You could do some pre-processing on the data (if you're only ever interested in or frequently query the entire data set) as a form of denormalisation EG:
- Loop each record
- Extract the text
- Break into words
- Create a new table WordFrequencies (Word (PK), Count (int))
- Update WordFrequencies table
Everytime you change a value in a record:
- Count words in current row, deduct from WordFrequencies
- Count words in new text, increment WordFrequencies
Then you can query:
SELECT Sum(Count) FROM WordFrequencies WHERE Word = 'This' OR Word = 'That'
And it will be super fast.
Again, only good if you're querying the entire data set (if you want to add another condition to your where it wont work, or you need to work out a more sophisticated denormalisation design).
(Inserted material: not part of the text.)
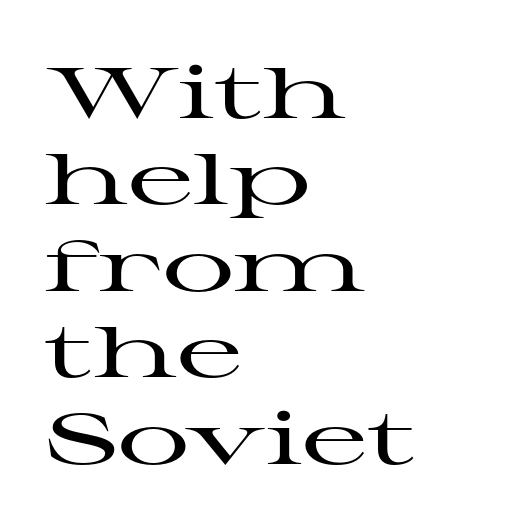
The image shows 72 px wide serif type, upright; set left-aligned, line spacing 1.2x, normal letter spacing, not underlined; high stroke contrast and a medium x-height.
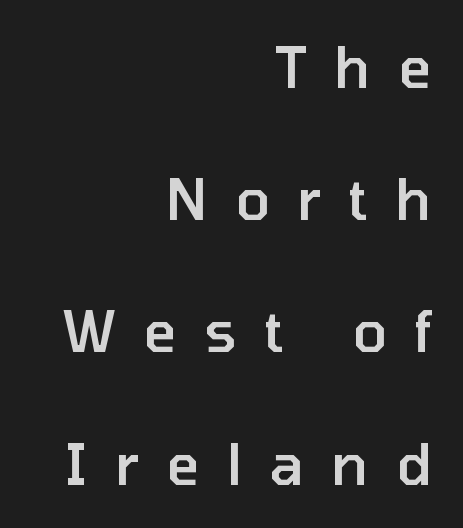
Inter-character spacing is expanded well beyond the font's built-in metrics. Typeset ragged left — the right edge is the straight one. Anything drawn beneath the words? Only blank space. This is the in-between weight designers call semibold or demi.

If you have multiple columns in your data set to query in this way, you can do something like:
WordFrequencies (Word (PK), ColumnID(PK), Count (int))
Where column ID is a unique identifier for the column. Then you can query:
SELECT Sum(Count) FROM WordFrequencies WHERE (Word = 'This' AND ColumnID = 1) OR (Word = 'That' AND ColumnID = 2)
Combine with EXISTS can give you a pretty robust and fast solution.
Also, I think you can do something along the lines of:
SELECT Sum(Count) FROM WordFrequencies WHERE Word LIKE '%foo%'
To do partial matching on words (EG, someones email address
tom@example.com would be considered a word, but you could query email address Word LIKE '%@example.com'
Add full text search to the word column might give better performance if you're doing this.
Last edited by Gullanian; 04-20-2017 at 12:47 PM.